Actually it's questionable whether the Joker qualifies as criminally insane. The Law and the Multiverse
blog addresses the issue here:
Take the Joker for example in addition to denying that he is crazy, the Joker does not actually display any likelihood, in most continuities anyway, of being eligible for an insanity defense. He always knows exactly what he is doing, and always knows that what he is doing is illegal. That, right there, means that he cannot successfully assert an insanity defense.
The same can likely be said of almost all the characters in Arkham Asylum. Very few if any of them are under the illusion that blowing up buildings is anything other than blowing up buildings. The Riddler commits crimes, knowing they are crimes, as a demonstration of his alleged intellectual superiority. Black Mask is motivated by revenge. So, arguably, is Poison Ivy (at least in certain continuities). All of them know exactly what they’re doing, and most of them display extraordinary planning and strategic capabilities. They certainly are capable of forming the requisite mental state to be guilty of a crime.
Of course, many supervillains do suffer from mental illnesses of some sort, even if they aren’t sufficient to make out a defense of insanity, so housing them in Arkham isn’t necessarily inaccurate or inappropriate, but neither is it evidence that the inmates there were found not guilty by reason of insanity.
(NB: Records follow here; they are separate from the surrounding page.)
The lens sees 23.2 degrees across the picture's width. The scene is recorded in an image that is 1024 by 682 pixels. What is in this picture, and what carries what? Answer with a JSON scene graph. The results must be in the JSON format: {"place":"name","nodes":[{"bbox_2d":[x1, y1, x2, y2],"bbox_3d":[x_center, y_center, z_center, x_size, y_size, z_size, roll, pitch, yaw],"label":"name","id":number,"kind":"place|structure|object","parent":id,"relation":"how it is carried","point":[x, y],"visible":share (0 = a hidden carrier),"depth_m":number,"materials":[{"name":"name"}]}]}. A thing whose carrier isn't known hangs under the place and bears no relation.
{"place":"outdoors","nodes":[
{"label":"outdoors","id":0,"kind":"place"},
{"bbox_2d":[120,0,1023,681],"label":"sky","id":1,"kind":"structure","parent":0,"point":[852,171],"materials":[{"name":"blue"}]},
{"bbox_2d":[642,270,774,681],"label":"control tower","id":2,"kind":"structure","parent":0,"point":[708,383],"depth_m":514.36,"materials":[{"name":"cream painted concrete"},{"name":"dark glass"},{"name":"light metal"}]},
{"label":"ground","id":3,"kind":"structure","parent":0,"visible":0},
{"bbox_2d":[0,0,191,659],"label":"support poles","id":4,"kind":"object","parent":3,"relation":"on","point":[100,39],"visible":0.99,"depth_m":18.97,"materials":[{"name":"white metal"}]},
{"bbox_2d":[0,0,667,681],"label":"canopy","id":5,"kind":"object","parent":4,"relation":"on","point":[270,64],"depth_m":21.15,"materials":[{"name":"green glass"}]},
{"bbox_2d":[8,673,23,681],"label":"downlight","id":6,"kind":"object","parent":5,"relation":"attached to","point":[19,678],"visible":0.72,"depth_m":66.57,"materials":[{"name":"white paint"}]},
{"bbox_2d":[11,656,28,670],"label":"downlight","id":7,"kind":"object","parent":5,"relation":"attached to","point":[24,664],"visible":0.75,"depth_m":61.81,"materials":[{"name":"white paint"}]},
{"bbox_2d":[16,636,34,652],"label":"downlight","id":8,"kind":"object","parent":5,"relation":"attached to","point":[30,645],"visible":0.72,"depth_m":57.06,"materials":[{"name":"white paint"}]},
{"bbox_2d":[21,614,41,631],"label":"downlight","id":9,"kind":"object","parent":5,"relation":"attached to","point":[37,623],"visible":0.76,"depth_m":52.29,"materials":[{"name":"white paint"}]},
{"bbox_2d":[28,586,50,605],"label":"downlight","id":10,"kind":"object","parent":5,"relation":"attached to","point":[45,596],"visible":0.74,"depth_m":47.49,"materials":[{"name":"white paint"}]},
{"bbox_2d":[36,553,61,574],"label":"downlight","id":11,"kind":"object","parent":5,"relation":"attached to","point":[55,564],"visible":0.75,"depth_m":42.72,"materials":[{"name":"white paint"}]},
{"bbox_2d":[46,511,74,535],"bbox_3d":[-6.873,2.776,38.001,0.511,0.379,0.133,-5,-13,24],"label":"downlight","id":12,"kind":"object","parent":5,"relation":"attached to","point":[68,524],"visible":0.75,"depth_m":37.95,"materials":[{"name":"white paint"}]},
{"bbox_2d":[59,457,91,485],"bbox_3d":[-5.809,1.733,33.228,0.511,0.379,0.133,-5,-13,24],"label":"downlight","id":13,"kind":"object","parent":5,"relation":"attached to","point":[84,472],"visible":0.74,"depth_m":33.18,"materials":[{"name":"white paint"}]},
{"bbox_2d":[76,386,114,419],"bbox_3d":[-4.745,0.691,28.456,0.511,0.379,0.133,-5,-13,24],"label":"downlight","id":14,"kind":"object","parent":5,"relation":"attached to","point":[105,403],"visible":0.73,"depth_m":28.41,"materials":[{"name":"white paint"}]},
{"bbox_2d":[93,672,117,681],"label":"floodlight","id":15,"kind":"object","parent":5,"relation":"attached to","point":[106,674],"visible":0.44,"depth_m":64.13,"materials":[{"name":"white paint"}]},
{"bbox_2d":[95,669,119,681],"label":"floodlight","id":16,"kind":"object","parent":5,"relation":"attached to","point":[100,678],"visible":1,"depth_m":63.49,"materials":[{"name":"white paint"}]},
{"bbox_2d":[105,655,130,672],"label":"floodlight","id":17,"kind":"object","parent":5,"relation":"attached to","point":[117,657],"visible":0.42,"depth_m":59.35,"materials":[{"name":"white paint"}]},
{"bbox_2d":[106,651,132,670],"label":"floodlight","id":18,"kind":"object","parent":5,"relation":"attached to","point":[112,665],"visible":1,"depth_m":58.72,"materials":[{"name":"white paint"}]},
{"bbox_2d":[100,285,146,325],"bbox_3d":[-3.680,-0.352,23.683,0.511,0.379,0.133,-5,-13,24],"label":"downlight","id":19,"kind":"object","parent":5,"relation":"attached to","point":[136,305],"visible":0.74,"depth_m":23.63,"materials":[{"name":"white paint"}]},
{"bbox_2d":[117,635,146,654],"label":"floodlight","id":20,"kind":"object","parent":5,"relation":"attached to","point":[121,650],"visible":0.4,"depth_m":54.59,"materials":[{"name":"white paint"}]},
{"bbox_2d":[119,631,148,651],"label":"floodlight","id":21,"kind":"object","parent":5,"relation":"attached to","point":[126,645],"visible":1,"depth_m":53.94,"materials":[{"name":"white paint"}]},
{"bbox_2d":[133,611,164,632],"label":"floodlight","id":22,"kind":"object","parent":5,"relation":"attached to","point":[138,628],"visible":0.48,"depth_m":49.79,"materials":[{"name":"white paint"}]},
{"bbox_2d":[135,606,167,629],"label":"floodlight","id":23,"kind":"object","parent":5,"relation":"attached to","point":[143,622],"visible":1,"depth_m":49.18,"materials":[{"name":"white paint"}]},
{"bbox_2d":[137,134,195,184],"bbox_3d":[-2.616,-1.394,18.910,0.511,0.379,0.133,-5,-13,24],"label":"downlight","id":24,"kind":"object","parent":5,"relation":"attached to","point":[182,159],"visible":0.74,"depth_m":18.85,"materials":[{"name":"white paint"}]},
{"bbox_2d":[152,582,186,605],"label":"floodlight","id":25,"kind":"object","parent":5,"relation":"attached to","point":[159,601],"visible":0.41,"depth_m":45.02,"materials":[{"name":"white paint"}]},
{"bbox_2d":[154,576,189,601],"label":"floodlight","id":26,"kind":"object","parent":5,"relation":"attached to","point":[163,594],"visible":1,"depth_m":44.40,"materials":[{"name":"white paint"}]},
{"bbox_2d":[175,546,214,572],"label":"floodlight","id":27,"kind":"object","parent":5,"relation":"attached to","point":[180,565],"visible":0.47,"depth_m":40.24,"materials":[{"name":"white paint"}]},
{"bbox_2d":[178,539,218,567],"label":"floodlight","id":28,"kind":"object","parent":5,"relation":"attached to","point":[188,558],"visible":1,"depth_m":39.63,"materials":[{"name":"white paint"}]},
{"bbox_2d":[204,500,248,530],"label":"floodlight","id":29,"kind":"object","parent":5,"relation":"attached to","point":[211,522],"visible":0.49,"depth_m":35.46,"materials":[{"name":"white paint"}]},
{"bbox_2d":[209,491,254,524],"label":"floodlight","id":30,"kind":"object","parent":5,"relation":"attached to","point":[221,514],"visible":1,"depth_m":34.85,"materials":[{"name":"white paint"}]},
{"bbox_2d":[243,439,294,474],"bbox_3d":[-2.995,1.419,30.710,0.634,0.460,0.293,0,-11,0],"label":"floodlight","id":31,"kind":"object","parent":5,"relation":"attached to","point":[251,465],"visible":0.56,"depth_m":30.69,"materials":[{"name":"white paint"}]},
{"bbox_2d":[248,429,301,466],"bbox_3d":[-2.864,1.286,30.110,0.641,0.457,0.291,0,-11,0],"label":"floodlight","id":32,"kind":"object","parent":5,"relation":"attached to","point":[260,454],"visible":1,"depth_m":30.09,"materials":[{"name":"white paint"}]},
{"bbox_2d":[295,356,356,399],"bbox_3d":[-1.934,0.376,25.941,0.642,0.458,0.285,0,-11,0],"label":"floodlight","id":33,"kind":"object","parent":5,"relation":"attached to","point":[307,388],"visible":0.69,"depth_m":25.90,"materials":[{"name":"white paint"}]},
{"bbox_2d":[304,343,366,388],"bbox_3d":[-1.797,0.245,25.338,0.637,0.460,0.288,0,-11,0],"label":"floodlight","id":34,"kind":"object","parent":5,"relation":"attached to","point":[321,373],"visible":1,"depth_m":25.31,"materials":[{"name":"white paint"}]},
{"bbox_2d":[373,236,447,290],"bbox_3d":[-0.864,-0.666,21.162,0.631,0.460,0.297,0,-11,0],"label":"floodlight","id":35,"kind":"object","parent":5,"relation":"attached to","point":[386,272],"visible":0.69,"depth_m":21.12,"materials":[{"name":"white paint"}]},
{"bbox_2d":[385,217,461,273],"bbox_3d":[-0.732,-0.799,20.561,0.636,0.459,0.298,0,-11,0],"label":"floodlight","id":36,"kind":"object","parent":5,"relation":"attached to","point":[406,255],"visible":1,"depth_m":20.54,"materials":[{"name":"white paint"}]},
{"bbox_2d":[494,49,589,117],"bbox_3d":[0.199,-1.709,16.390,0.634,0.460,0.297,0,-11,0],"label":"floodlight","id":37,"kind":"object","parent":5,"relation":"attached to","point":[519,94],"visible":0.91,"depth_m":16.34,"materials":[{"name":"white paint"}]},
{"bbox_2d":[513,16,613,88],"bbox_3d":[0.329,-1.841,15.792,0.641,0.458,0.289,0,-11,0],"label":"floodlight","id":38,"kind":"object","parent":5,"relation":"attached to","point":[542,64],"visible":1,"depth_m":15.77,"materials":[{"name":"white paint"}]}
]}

Many jurisdictions recognize a verdict of “guilty but mentally ill,” and this may explain why so many apparently legally sane supervillains end up in Arkham.
Let's look at the specific adjectives xortex
used. "Psychotic" is a very broad term encompassing a wide range of behaviors, but generally means being out of touch with reality, having delusions or hallucinations or impaired insight. It can also apply to bipolar disorder, i.e. manic-depressiveness. "Deranged" is simply a vernacular term for "disturbed" or "insane," with no clinical meaning. "Demented" means suffering from dementia, i.e. severely impaired cognitive ability such as the loss of memory, linguistic skills, attention and focus, or problem-solving capability, as seen in patients such as Alzheimer's sufferers. "Delusional" means holding a fixed counterfactual belief despite all reason and evidence.
So let's see. The Joker is a criminal mastermind whose intellect rivals Batman's. He's able to formulate and execute extremely elaborate master plans. So he's certainly not lacking in cognitive ability, focus, or problem-solving skills. And his linguistic skills are superb; one can't engage in effective banter and wordplay with impaired language ability. As for his memory, he seems entirely capable of remembering things that matter to him, being able to hold grudges for years or orchestrate long-term master plans. So I think it's completely wrong to say he's demented.
I'm not sure if the Joker has ever been unambiguously shown to suffer hallucinations. He seems to have a pretty good grasp of reality in most respects. But I'd definitely say he's bipolar, prone to extreme mania and shifting moods. And you could perhaps say he's delusional, in that he believes his acts of cruelty, anarchy, and homicide are a comedic performance, and in that (per some versions) he sees Batman as more a partner of sorts than an enemy, or at least as his primary audience. (The recent "Death of the Family" storyline had the Joker trying to kill off Batman's partners and sidekicks so that they wouldn't weigh him down anymore and he and Joker could get back to the purity of their early confrontations. B:TAS's "The Man Who Killed Batman" had the Joker mourning Batman's apparent death because "Without Batman, crime has no punchline." The Dark Knight Returns
had the Joker retreat into catatonia until Batman came out of retirement.)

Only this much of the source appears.